**Collected data:**
■ ■ ■ ■ ■ ■ ■

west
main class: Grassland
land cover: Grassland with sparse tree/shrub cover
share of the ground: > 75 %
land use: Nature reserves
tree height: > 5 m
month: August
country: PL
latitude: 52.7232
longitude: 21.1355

■ ■ ■ ■ ■ ■ ■

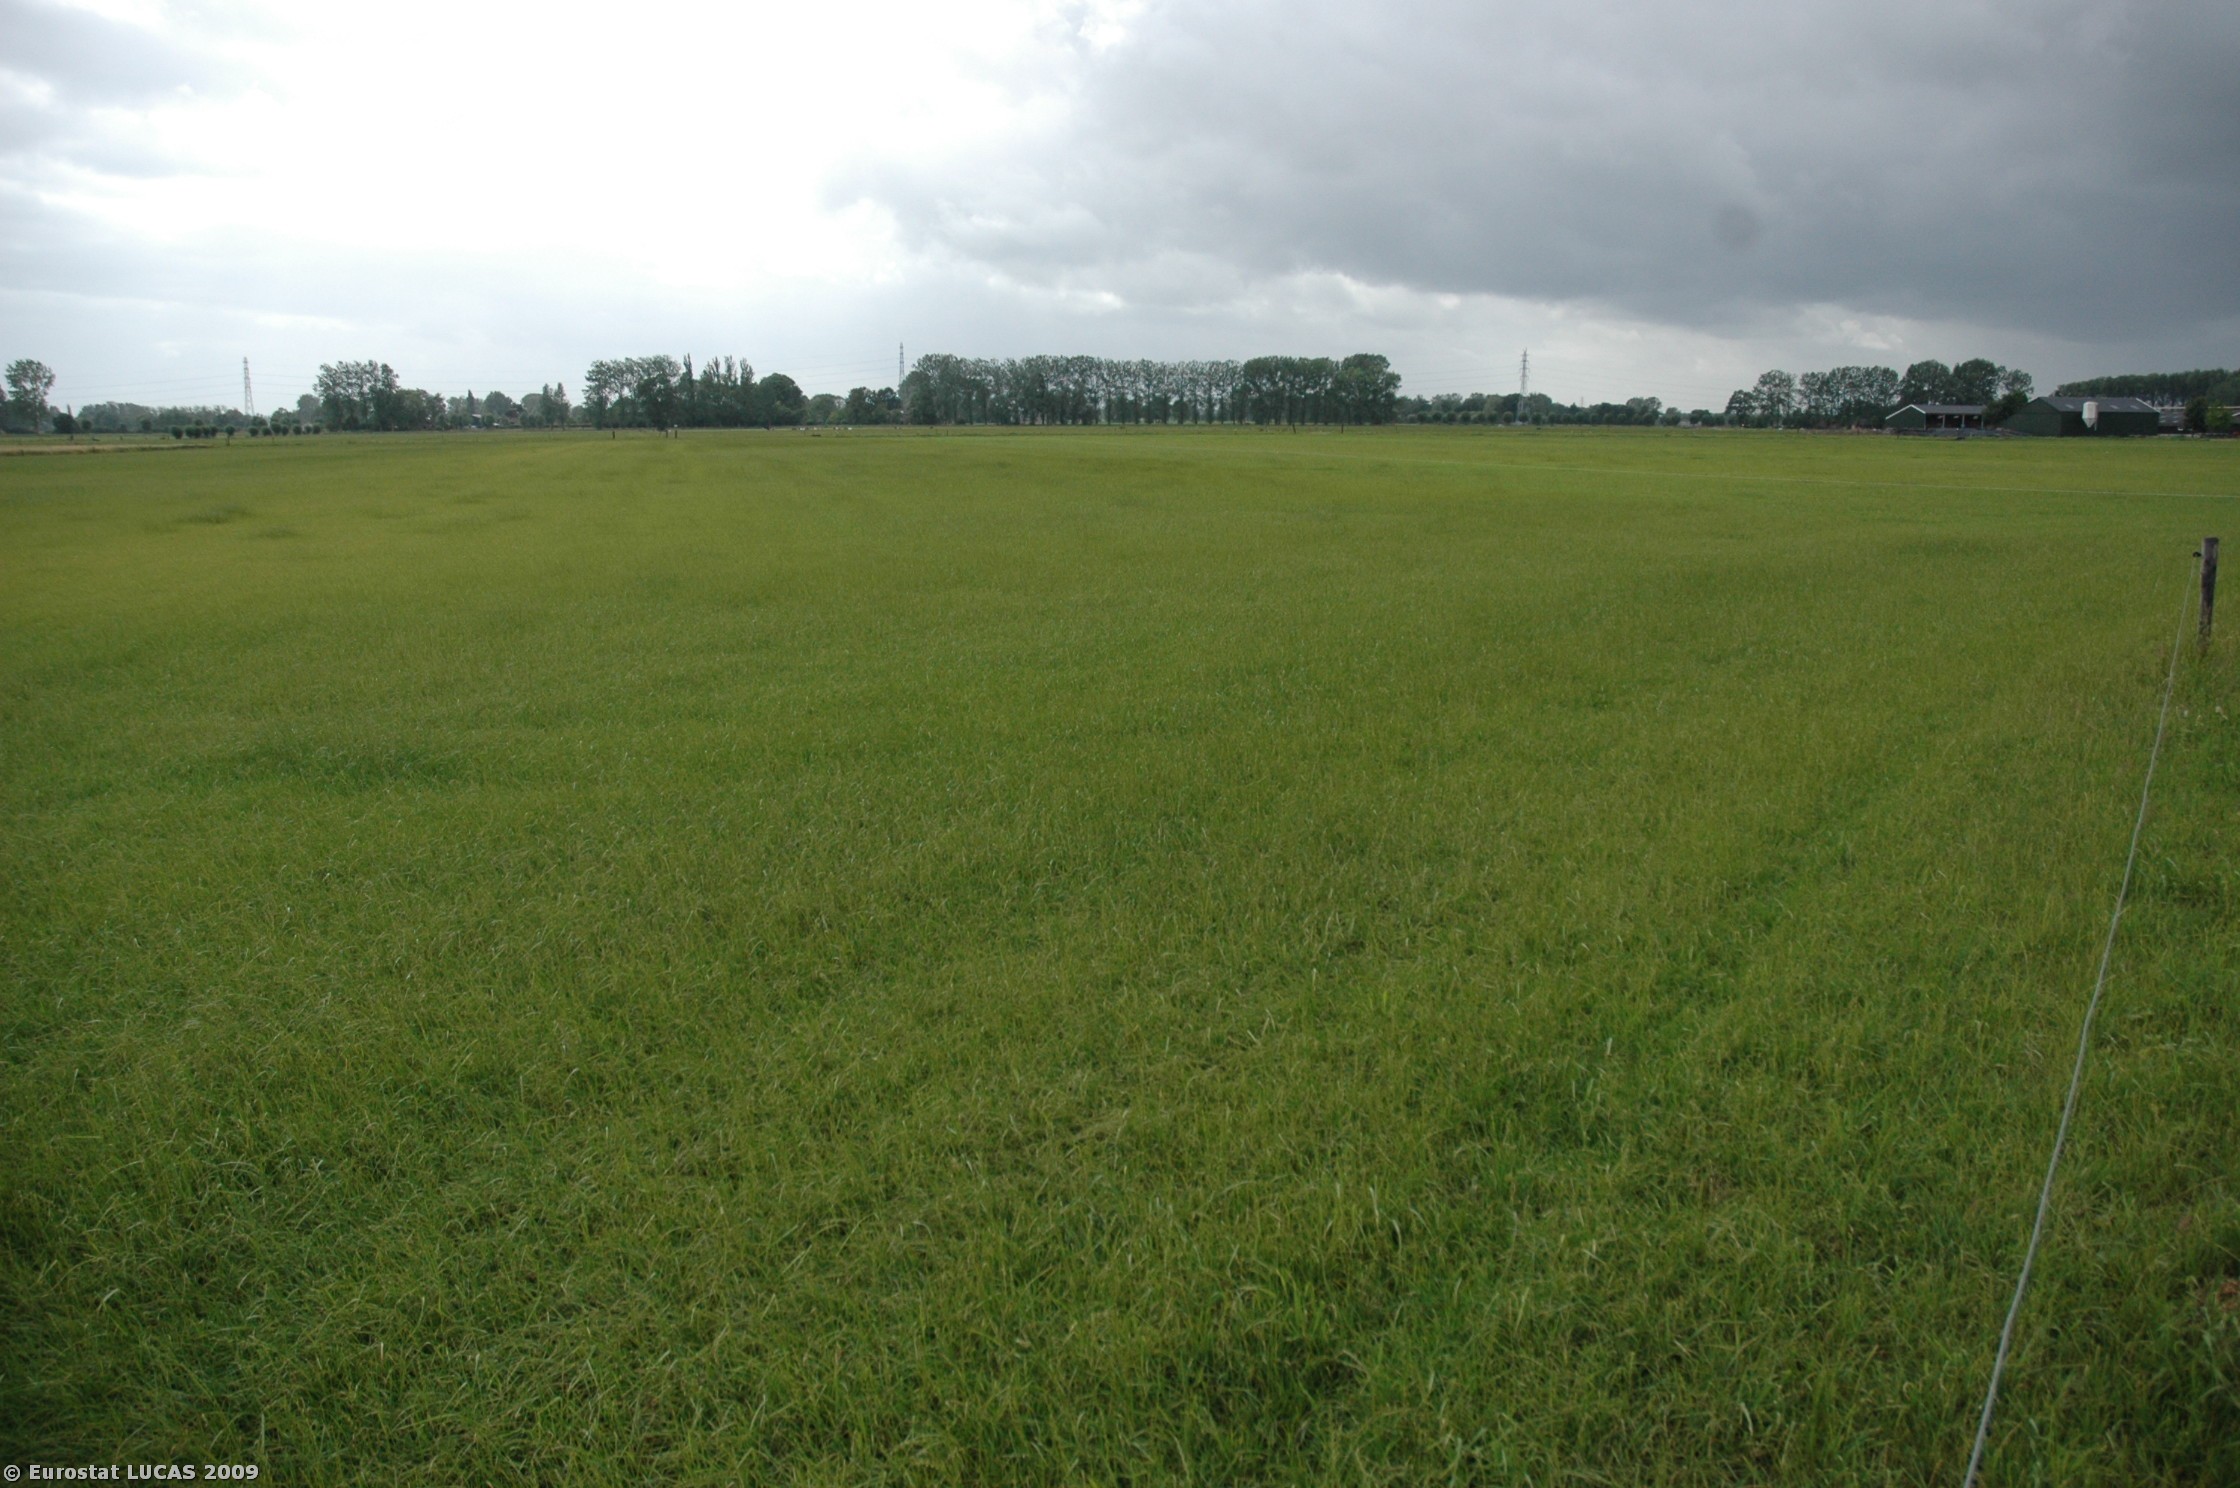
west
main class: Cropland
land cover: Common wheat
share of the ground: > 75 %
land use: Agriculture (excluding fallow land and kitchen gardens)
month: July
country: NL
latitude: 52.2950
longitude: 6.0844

■ ■ ■ ■ ■ ■ ■

**REQUIREMENT:**
Could you set down, word for word, only the lines above from the line with "main class: Cropland" to the line with "longitude: 6.0844", including both?

**TASK RESPONSE:**
main class: Cropland
land cover: Common wheat
share of the ground: > 75 %
land use: Agriculture (excluding fallow land and kitchen gardens)
month: July
country: NL
latitude: 52.2950
longitude: 6.0844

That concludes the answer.